A mon grand soulagement, ma mère dormait déjà. Je m’installai sur ma paillasse, non loin d’elle. Edwin fit de même, entourant Gwendoline de ses bras alors que je m’enroulai, seul, de mes draps. Cette nuit-là, je dormis d’un sommeil profond et sans rêve. Nulle question ne vint perturber mon esprit et je me réveillai le lendemain avec le cri apparemment habituel de Todoc annonçant que le repas était prêt.

Quelques-uns d’entre nous montaient déjà vers la cuisine alors que je m’évertuai à me réveiller complètement tout en me frottant les yeux.


-          Bonjour m’man ! Lui lançais-je alors qu’elle se levait pour suivre les autres.

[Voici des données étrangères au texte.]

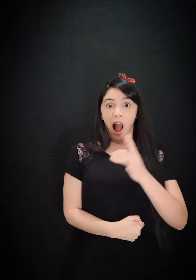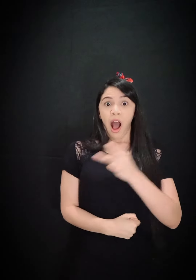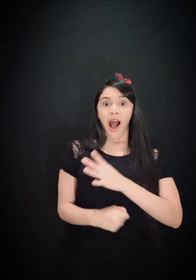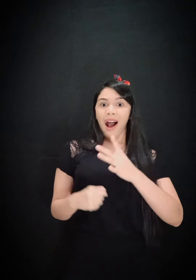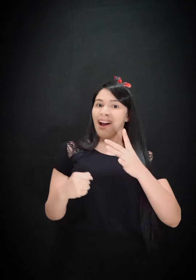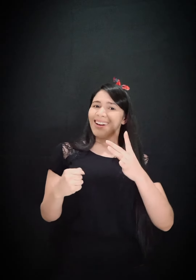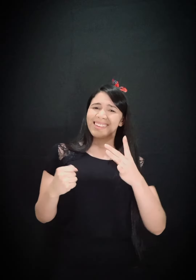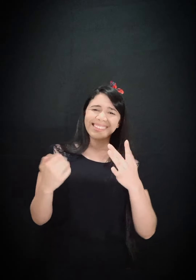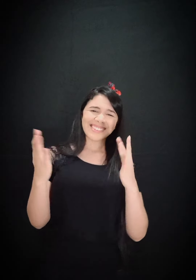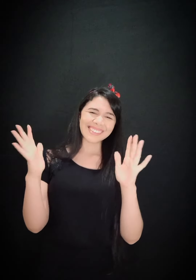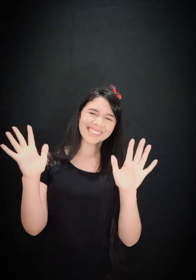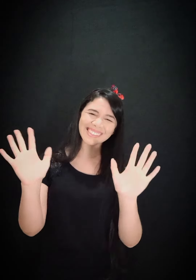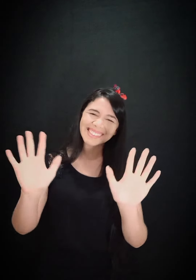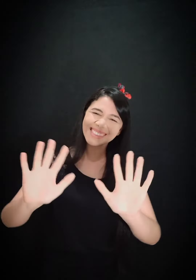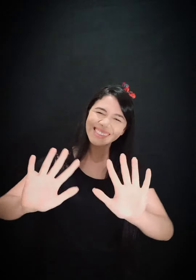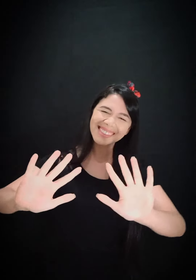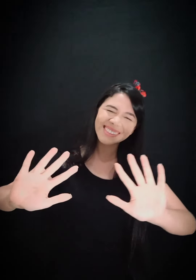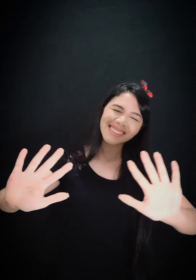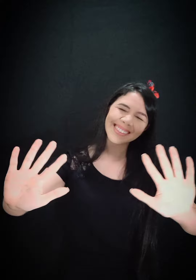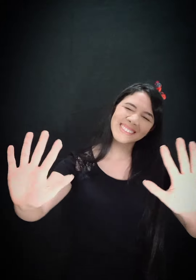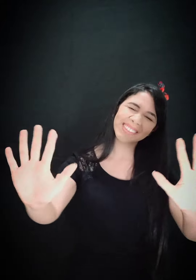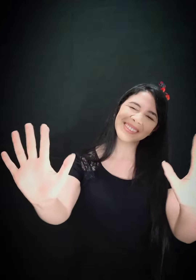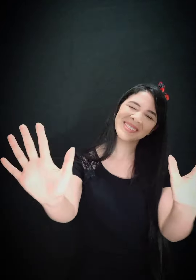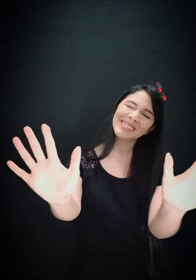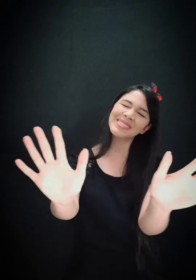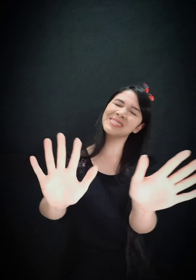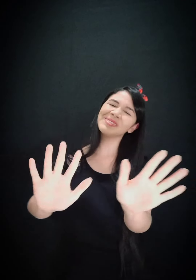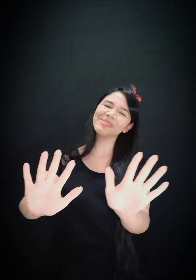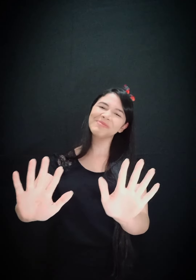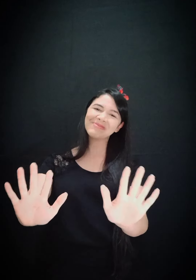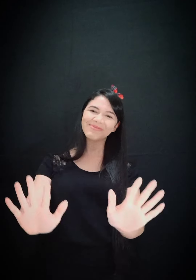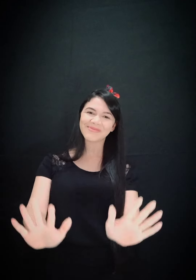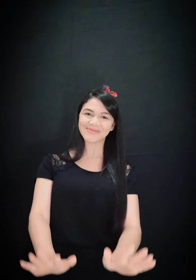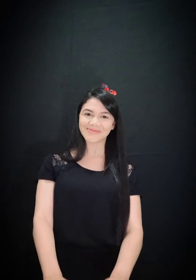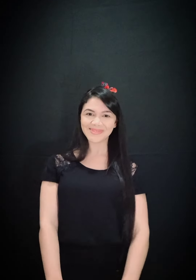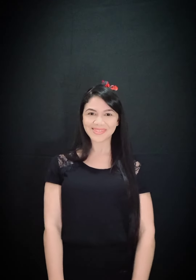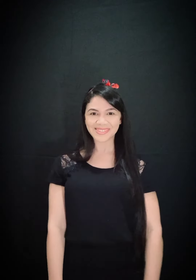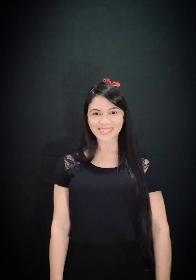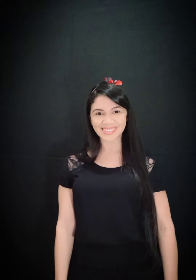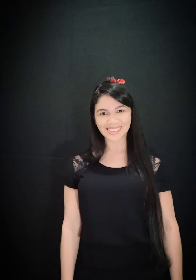inimigo O Criador esconderá A

Je n’obtins aucune réponse, pas même un regard. Elle m’ignora totalement et, bien que je fasse comme si de rien n’était, cela me serra le cœur. Me faire pardonner ne serait pas aussi aisé que je  l’avais espéré. Une boule au ventre m’oppressait : ma mère était définitivement vexée par mon attitude d’hier soir. Je m’étais déjà fâché avec Edwin quelques jours plus tôt, à présent il s’agissait de ma mère, ma seule famille. Qu’avais-je donc fait pour que le sort s’acharne contre moi ?


-          Tu ne prends pas ton petit-déjeuner ? Me demanda Gwen qui se dirigeait vers la trappe en compagnie d’Edwin.

-          Si, j’arrive.


On nous servit le même repas que la veille. J’imagine qu’il n’était pas prévu de vivres pour autant de personnes supplémentaires et qu’il était plus simple pour Todoc de puiser dans les réserves de céréales et de garder les biens périssables pour l’équipage. Une fois mon tour arrivé, le cuistot me tendit un bol rempli à ras bord en me gratifiant d’un large sourire. Le gars derrière moi n’eut droit qu’au bol et à une moue de mécontentement.

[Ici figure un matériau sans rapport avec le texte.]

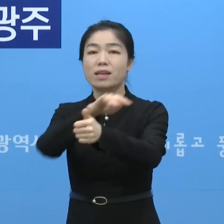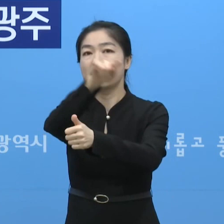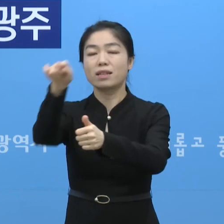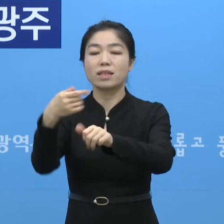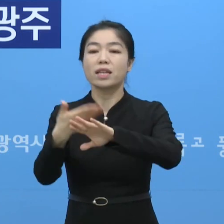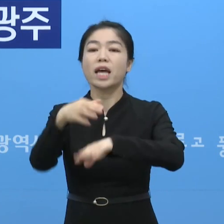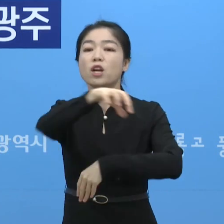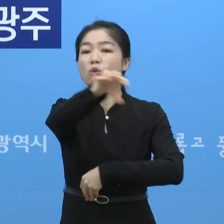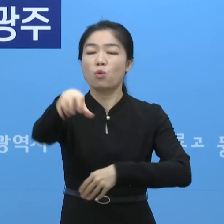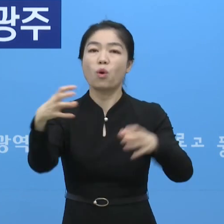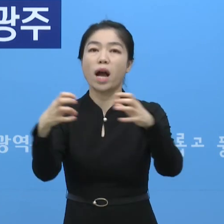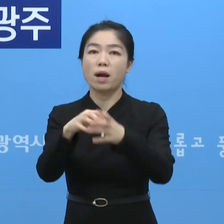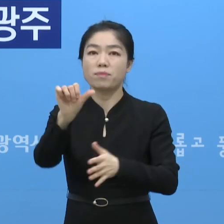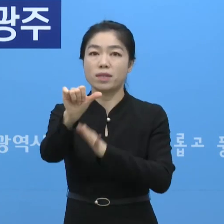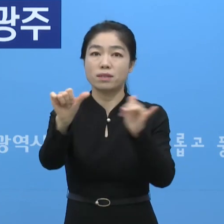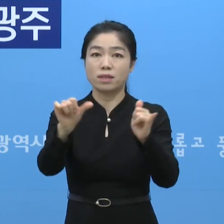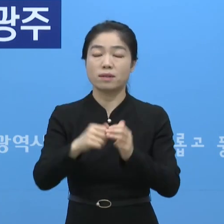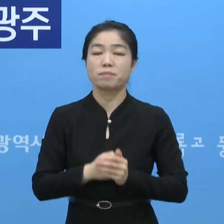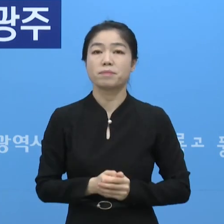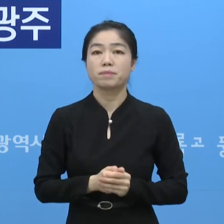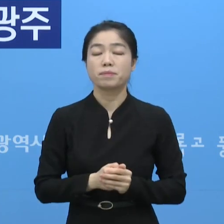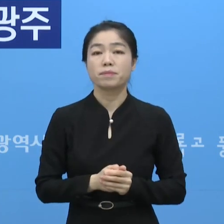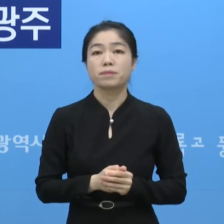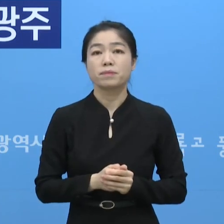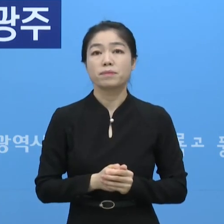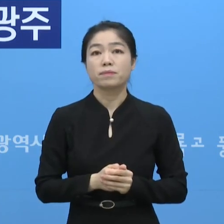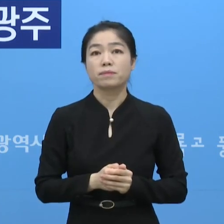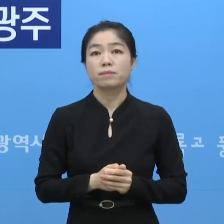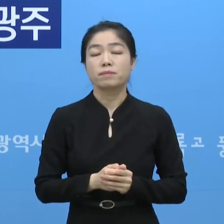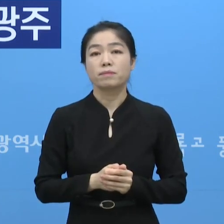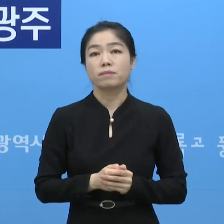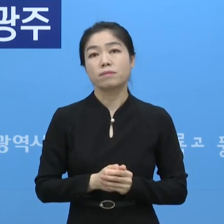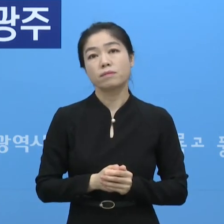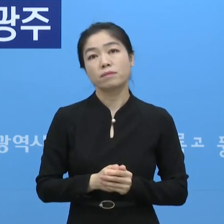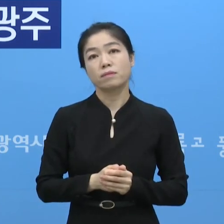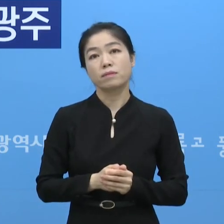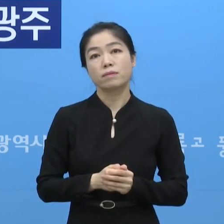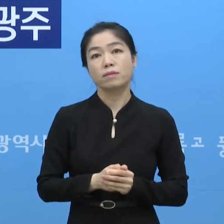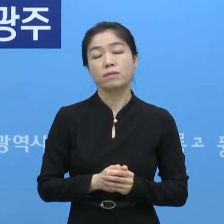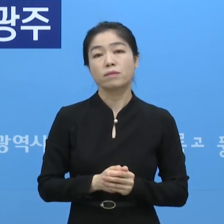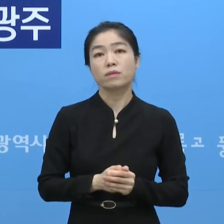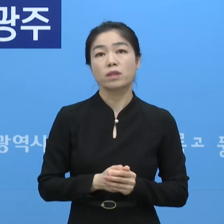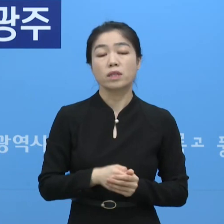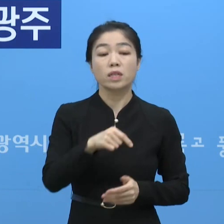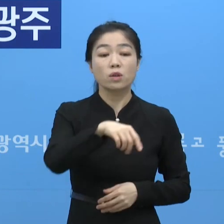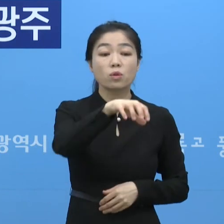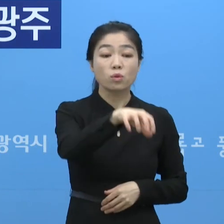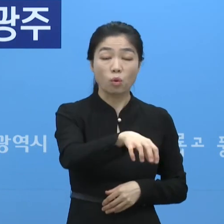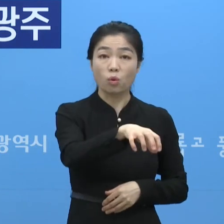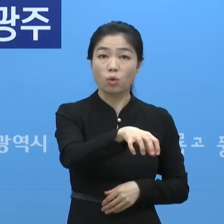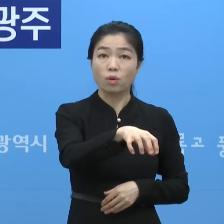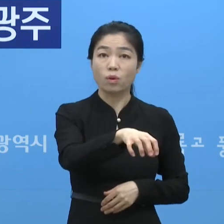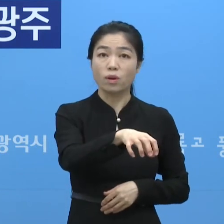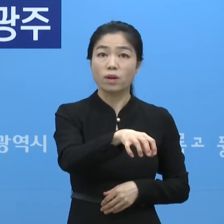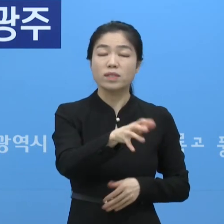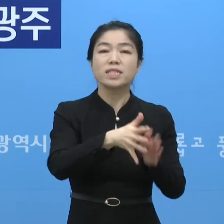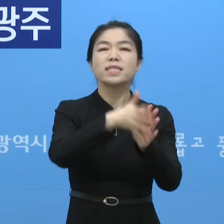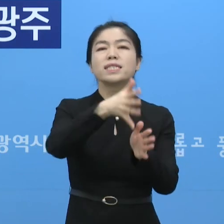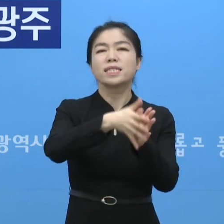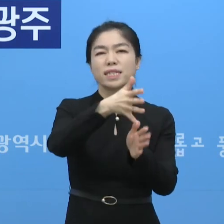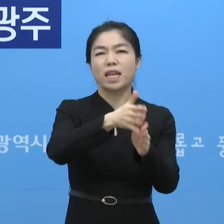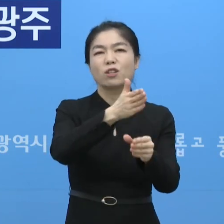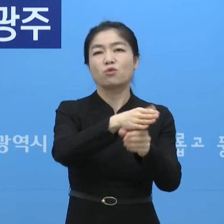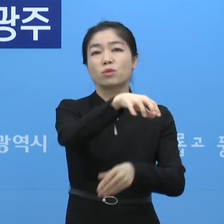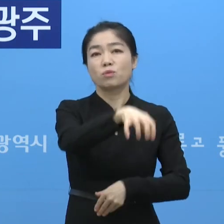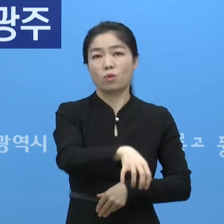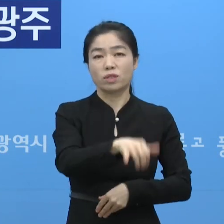타시도로 하면 5명이 되겠습니다. 이거는 아무래도 그 위치가 시내 쪽에 있다

Je montai sur le pont pour déguster mon petit-déjeuner en compagnie de mes amis. Ma mère restait hors de vue. Georges, par contre, mangeait seul en observant l’horizon. Je proposai à Gwen et Edwin de le rejoindre.


-          Bonjour Georges, lui lançai-je.

-          Bonjour gamin, répondit-il.


Je grognai silencieusement à cette réplique. La journée avait mal débuté, ce n’était certainement pas en m’appelant « gamin » que mon humeur s’arrangerait.


-          Georges, il faut qu’on discute, reprit Edwin. Et il vaudrait mieux que l’équipage ne nous entende pas…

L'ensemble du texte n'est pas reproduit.